Illegitimate son of Władysław IV Vasa (1635–1639)

Władysław Konstanty Vasa, Count of Wasenau (c. 1635 – 19 March 1698), was a member of the House of Vasa as the illegitimate son of the King of Poland and Grand Duke of Lithuania, Władysław IV Vasa, and his mistress, Jadwiga Łuszkowska.

== Life ==
Władysław Konstanty was born in 1635, he was the illegitimate son of King Władysław IV Vasa by his mistress, Jadwiga Łuszkowska. (Note: In an effort to separate King Władysław from his mistress, his wife Cecilia Renata arranged Jadwiga Łuszkowska to marry Jan Wypyski.) Following the death of his father, it is likely Władysław was appointed to the care of his childless paternal uncle, John II Casimir Vasa. Afterward, Władysław could travel freely across Europe.

=== Life in Europe ===
Władysław first left Poland to reside in the Kingdom of France, where he lived life as a libertine and led a dissolute life under the name Count of Wasenau. According to the will of his uncle, the count inherited 30,000 livres, secured by claims to the Spanish King, Charles II.

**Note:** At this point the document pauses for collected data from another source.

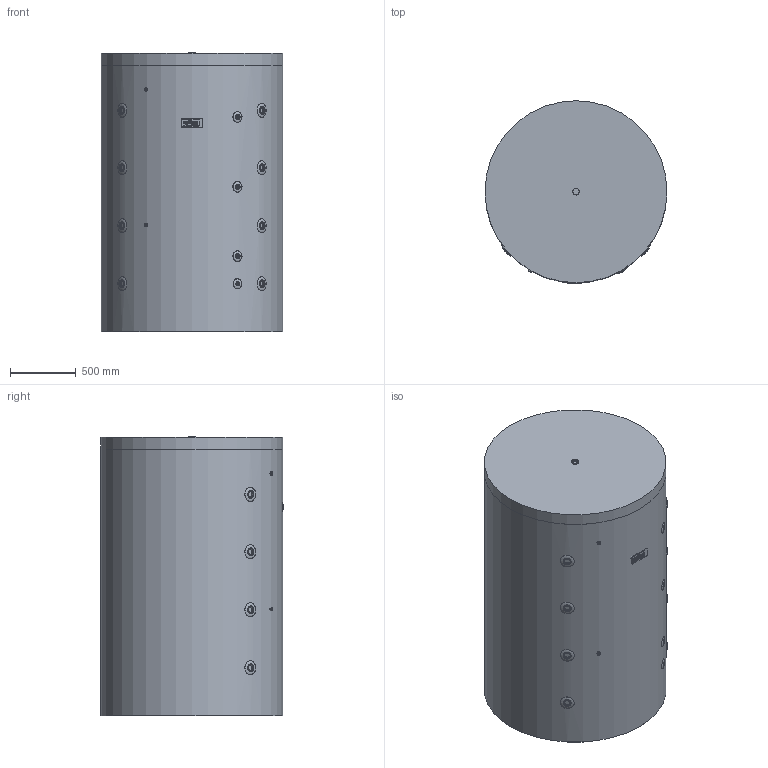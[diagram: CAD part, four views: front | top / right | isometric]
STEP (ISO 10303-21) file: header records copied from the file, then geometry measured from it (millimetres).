
FILE_DESCRIPTION(/* description */ (''),/* implementation_level */ '2;1');
FILE_NAME(/* name */ '3d_HF2000_1silver-8502900.stp',/* time_stamp */ '2015-12-08T08:05:48+01:00',/* author */ ('Andrzej'),/* organization */ (''),/* preprocessor_version */ 'ST-DEVELOPER v15.5',/* originating_system */ 'AutoCAD Mechanical',/* authorisation */ '');
FILE_SCHEMA (('AUTOMOTIVE_DESIGN { 1 0 10303 214 3 1 1 }'));
Length unit declared in the file: millimetre
Products named in the file (1): Product
Bounding box: 1380 x 1382.92 x 2122 mm (x, y, z)
Volume: 2940355637.9 mm3; surface area: 52073520.1 mm2
Topology: 35 solids, 35 shells, 464 faces, 1096 edges, 722 vertices
Faces by surface type: plane 202, cylinder 184, bspline 26, torus 26, sphere 15, cone 11
Full cylindrical faces by diameter (mm): 21.3 x6, 27 x14, 28 x1, 29 x1, 35 x3, 36 x3, 48.3 x9, 50 x2, 55 x8, 56 x32, 1200 x4, 1379 x2, 1380 x2
Entity records: 20105 total; most frequent: CARTESIAN_POINT 9693, DIRECTION 2168, ORIENTED_EDGE 1900, EDGE_CURVE 950, AXIS2_PLACEMENT_3D 873, VERTEX_POINT 708, EDGE_LOOP 698, FACE_OUTER_BOUND 464
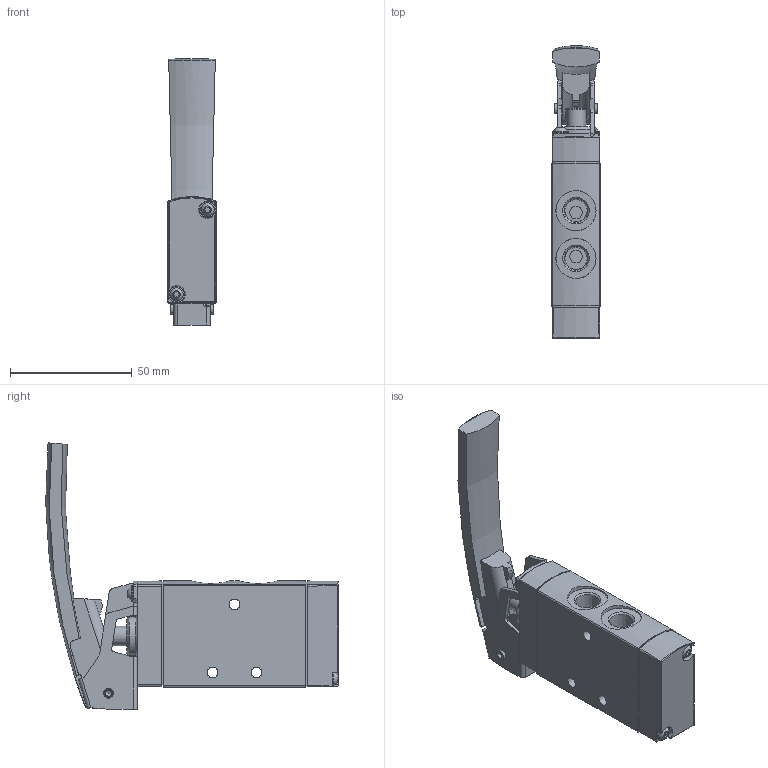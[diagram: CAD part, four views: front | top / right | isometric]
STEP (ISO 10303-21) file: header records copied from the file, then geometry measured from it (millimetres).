
FILE_DESCRIPTION(/* description */ ('STEP AP214'),/* implementation_level */ '2;1');
FILE_NAME(/* name */ '4500007_VHEF-L-M52-E-N18',/* time_stamp */ '2024-09-16T13:43:30+02:00',/* author */ ('License CC BY-ND 4.0'),/* organization */ ('CADENAS'),/* preprocessor_version */ 'ST-DEVELOPER v19.3',/* originating_system */ 'PARTsolutions',/* authorisation */ ' ');
FILE_SCHEMA (('AUTOMOTIVE_DESIGN {1 0 10303 214 3 1 1}'));
Length unit declared in the file: millimetre
Products named in the file (6): 4500007 VHEF-L-M52-E-N18---(1); 8037719 VXEF-X-M52-E-N18_valve---(12); 3435293 VMEF_cover---(12); 4499999 VHEF---(part2); 4499999 VHEF---(part1); 3394270 VAOM-R4---(schrauben)
Assembly tree (6 placements, depth 2):
  4500007 VHEF-L-M52-E-N18---(1)
    8037719 VXEF-X-M52-E-N18_valve---(12)
    3435293 VMEF_cover---(12)
    4499999 VHEF---(part2)
    4499999 VHEF---(part1)
    3394270 VAOM-R4---(schrauben)  x2
Bounding box: 20 x 120.04 x 109.31 mm (x, y, z)
Volume: 82609.6 mm3; surface area: 29368.5 mm2
Topology: 6 solids, 6 shells, 424 faces, 1092 edges, 715 vertices
Faces by surface type: cylinder 183, plane 181, cone 39, torus 18, sphere 3
Full cylindrical faces by diameter (mm): 2.459 x4, 2.5 x2, 3 x2, 3.1 x1, 4 x3, 4.1 x1, 4.134 x1, 4.2 x1, 4.4 x3, 5.2 x4, 5.93 x1, 6.8 x4, 8 x1, 9 x1, 10 x2, 16.5 x2
Entity records: 13671 total; most frequent: CARTESIAN_POINT 2254, DIRECTION 2112, ORIENTED_EDGE 1898, EDGE_CURVE 949, AXIS2_PLACEMENT_3D 813, VERTEX_POINT 669, FACE_BOUND 534, EDGE_LOOP 528
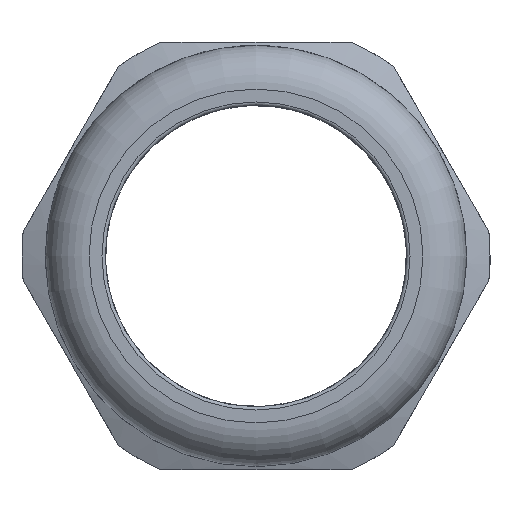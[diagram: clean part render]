
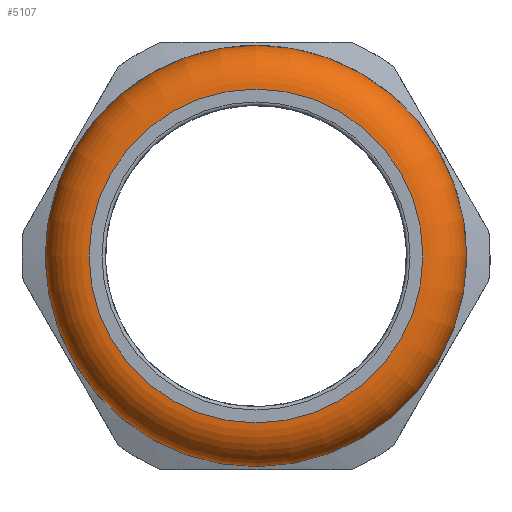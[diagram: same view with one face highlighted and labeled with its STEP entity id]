
A CAD part, left-side view. The second image highlights one B-rep face of the part: STEP entity #5107.
In plain terms, the highlighted toroidal (fillet/blend) face has major radius 24.99 mm and minor radius 6.53 mm.
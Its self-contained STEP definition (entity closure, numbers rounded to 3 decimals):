
#1135=FACE_BOUND('',#1519,.T.);
#1203=FACE_OUTER_BOUND('',#1518,.T.);
#1518=EDGE_LOOP('',(#3600));
#1519=EDGE_LOOP('',(#3601));
#1840=CIRCLE('',#5441,24.99);
#1858=CIRCLE('',#5479,31.52);
#2171=VERTEX_POINT('',#7715);
#2207=VERTEX_POINT('',#10356);
#2703=EDGE_CURVE('',#2171,#2171,#1840,.T.);
#2756=EDGE_CURVE('',#2207,#2207,#1858,.T.);
#3600=ORIENTED_EDGE('',*,*,#2756,.F.);
#3601=ORIENTED_EDGE('',*,*,#2703,.T.);
#5049=TOROIDAL_SURFACE('',#5478,24.99,6.53);
#5107=ADVANCED_FACE('',(#1203,#1135),#5049,.T.);
#5441=AXIS2_PLACEMENT_3D('',#7716,#6099,#6100);
#5478=AXIS2_PLACEMENT_3D('',#10355,#6188,#6189);
#5479=AXIS2_PLACEMENT_3D('',#10357,#6190,#6191);
#6099=DIRECTION('center_axis',(1.,0.,0.));
#6100=DIRECTION('ref_axis',(0.,0.,-1.));
#6188=DIRECTION('center_axis',(1.,0.,0.));
#6189=DIRECTION('ref_axis',(0.,0.,-1.));
#6190=DIRECTION('center_axis',(1.,0.,0.));
#6191=DIRECTION('ref_axis',(0.,0.,-1.));
#7715=CARTESIAN_POINT('',(-30.5,24.99,0.));
#7716=CARTESIAN_POINT('Origin',(-30.5,0.,0.));
#10355=CARTESIAN_POINT('Origin',(-23.97,0.,0.));
#10356=CARTESIAN_POINT('',(-23.97,31.52,0.));
#10357=CARTESIAN_POINT('Origin',(-23.97,0.,0.));
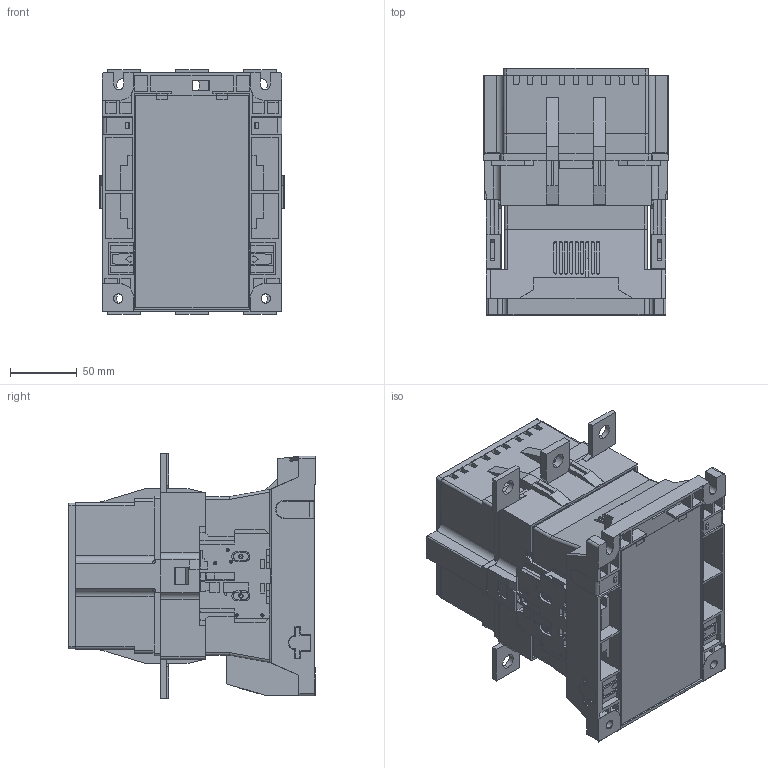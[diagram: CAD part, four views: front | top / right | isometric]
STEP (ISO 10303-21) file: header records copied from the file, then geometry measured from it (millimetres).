
FILE_DESCRIPTION (( 'STEP AP214' ), '1' );
FILE_NAME ('B3TF5322.STEP', '2020-10-09T07:23:07', ( '' ), ( '' ), 'SwSTEP 2.0', 'SolidWorks 2017', '' );
FILE_SCHEMA (( 'AUTOMOTIVE_DESIGN' ));
Length unit declared in the file: millimetre
Products named in the file (3): AUXILARY PARTS; B3TF5322
Assembly tree (3 placements, depth 2):
  B3TF5322
    B3TF5322
    AUXILARY PARTS  x2
Bounding box: 139 x 185.5 x 184.21 mm (x, y, z)
Volume: 1510988.2 mm3; surface area: 354370.1 mm2
Topology: 8 solids, 8 shells, 1666 faces, 4529 edges, 2982 vertices
Faces by surface type: plane 1330, cylinder 300, torus 36
Entity records: 43617 total; most frequent: CARTESIAN_POINT 7811, ORIENTED_EDGE 7596, DIRECTION 7054, EDGE_CURVE 3798, LINE 3266, VECTOR 3266, VERTEX_POINT 2499, AXIS2_PLACEMENT_3D 1894
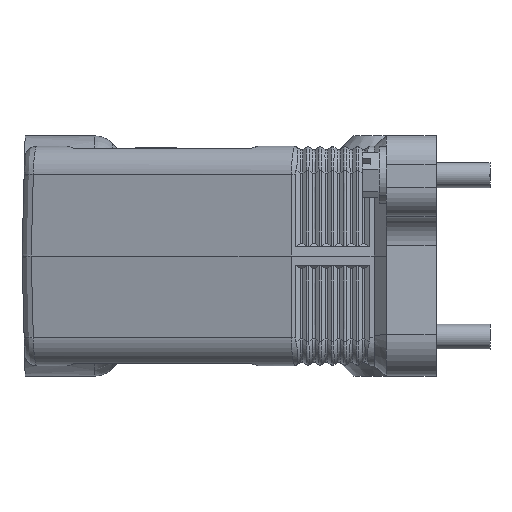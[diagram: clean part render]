
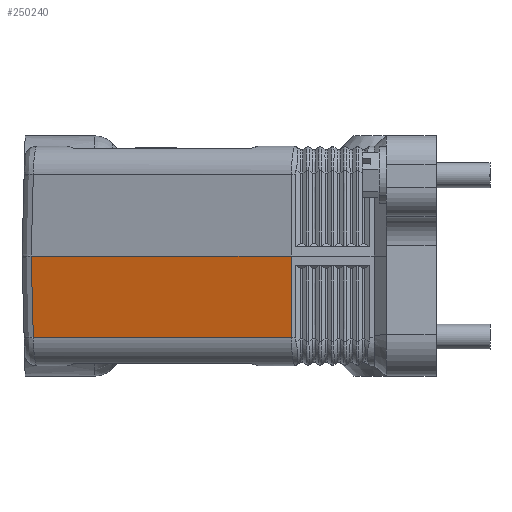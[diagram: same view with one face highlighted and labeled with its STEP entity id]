
A CAD part, left-side view. The second image highlights one B-rep face of the part: STEP entity #250240.
In plain terms, the highlighted planar face has unit normal (-0.966, 0.259, -0.026).
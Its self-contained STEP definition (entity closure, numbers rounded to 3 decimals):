
#203860=CARTESIAN_POINT('',(61.9,31.226,
-45.683));
#203870=VERTEX_POINT('',#203860);
#203900=CARTESIAN_POINT('',(60.704,31.384,0.));
#203910=DIRECTION('',(0.026,-0.003,
-1.));
#203920=VECTOR('',#203910,1.);
#203930=LINE('',#203900,#203920);
#203940=CARTESIAN_POINT('',(61.385,31.294,-26.));
#203950=VERTEX_POINT('',#203940);
#203960=EDGE_CURVE('',#203950,#203870,#203930,.T.);
#222840=CARTESIAN_POINT('',(78.206,94.071,
-26.));
#222850=VERTEX_POINT('',#222840);
#222880=CARTESIAN_POINT('',(78.602,93.556,
-45.683));
#222890=CARTESIAN_POINT('',(78.599,93.559,
-45.562));
#222900=CARTESIAN_POINT('',(78.597,93.562,
-45.44));
#222910=CARTESIAN_POINT('',(78.467,93.731,
-39.001));
#222920=CARTESIAN_POINT('',(78.34,93.896,
-32.683));
#222930=CARTESIAN_POINT('',(78.211,94.065,
-26.243));
#222940=CARTESIAN_POINT('',(78.208,94.068,
-26.122));
#222950=CARTESIAN_POINT('',(78.206,94.071,
-26.));
#222960=B_SPLINE_CURVE_WITH_KNOTS('',3,(#222880,#222890,#222900,#222910,
#222920,#222930,#222940,#222950),.UNSPECIFIED.,.F.,.F.,(4,2,2,4),(0.,
0.365,19.329,19.694),.UNSPECIFIED.);
#222970=CARTESIAN_POINT('',(78.602,93.556,
-45.683));
#222980=VERTEX_POINT('',#222970);
#222990=EDGE_CURVE('',#222980,#222850,#222960,.T.);
#250030=CARTESIAN_POINT('',(82.139,106.118,
-51.991));
#250040=DIRECTION('',(0.966,-0.259,
0.026));
#250050=DIRECTION('',(0.259,0.966,0.));
#250060=AXIS2_PLACEMENT_3D('',#250030,#250040,#250050);
#250070=PLANE('',#250060);
#250080=ORIENTED_EDGE('',*,*,#222990,.F.);
#250090=CARTESIAN_POINT('',(53.,0.,-26.));
#250100=DIRECTION('',(-0.259,-0.966,0.));
#250110=VECTOR('',#250100,1.);
#250120=LINE('',#250090,#250110);
#250130=EDGE_CURVE('',#222850,#203950,#250120,.T.);
#250140=ORIENTED_EDGE('',*,*,#250130,.F.);
#250150=ORIENTED_EDGE('',*,*,#203960,.F.);
#250160=CARTESIAN_POINT('',(81.979,106.161,
-45.683));
#250170=DIRECTION('',(0.259,0.966,0.));
#250180=VECTOR('',#250170,1.);
#250190=LINE('',#250160,#250180);
#250200=EDGE_CURVE('',#203870,#222980,#250190,.T.);
#250210=ORIENTED_EDGE('',*,*,#250200,.F.);
#250220=EDGE_LOOP('',(#250210,#250150,#250140,#250080));
#250230=FACE_OUTER_BOUND('',#250220,.T.);
#250240=ADVANCED_FACE('',(#250230),#250070,.F.);

During his visit spent in the capital of Italy, Rome, Władysław was assigned the position Captain of the Guard for his distant cousin, the former Queen Christina of Sweden. There he was nominated Papal Chamberlain by Pope Alexander VIII, an arrangement confirmed by his successor, Pope Innocent XII. After the death of Christina in 1689, Władysław did not receive the benefits she had intended to leave for him and was reduced to abide living in poverty.

==== Death ====
On 19 March 1698, Władysław died, he was the last representative of the Polish Vasa Lineage and last known descendant of line Sigismund I the Old by his second wife, Bona Sforza. His gravestone was erected by Cardinal Giovanni Francesco Albani (later known as Pope Clement XI), the gravestone was placed for him in the walls near the entrance of the sacristy of the Holy Stigmata of St Francis of Assisi (Santissime Stimmate di San Francesco.)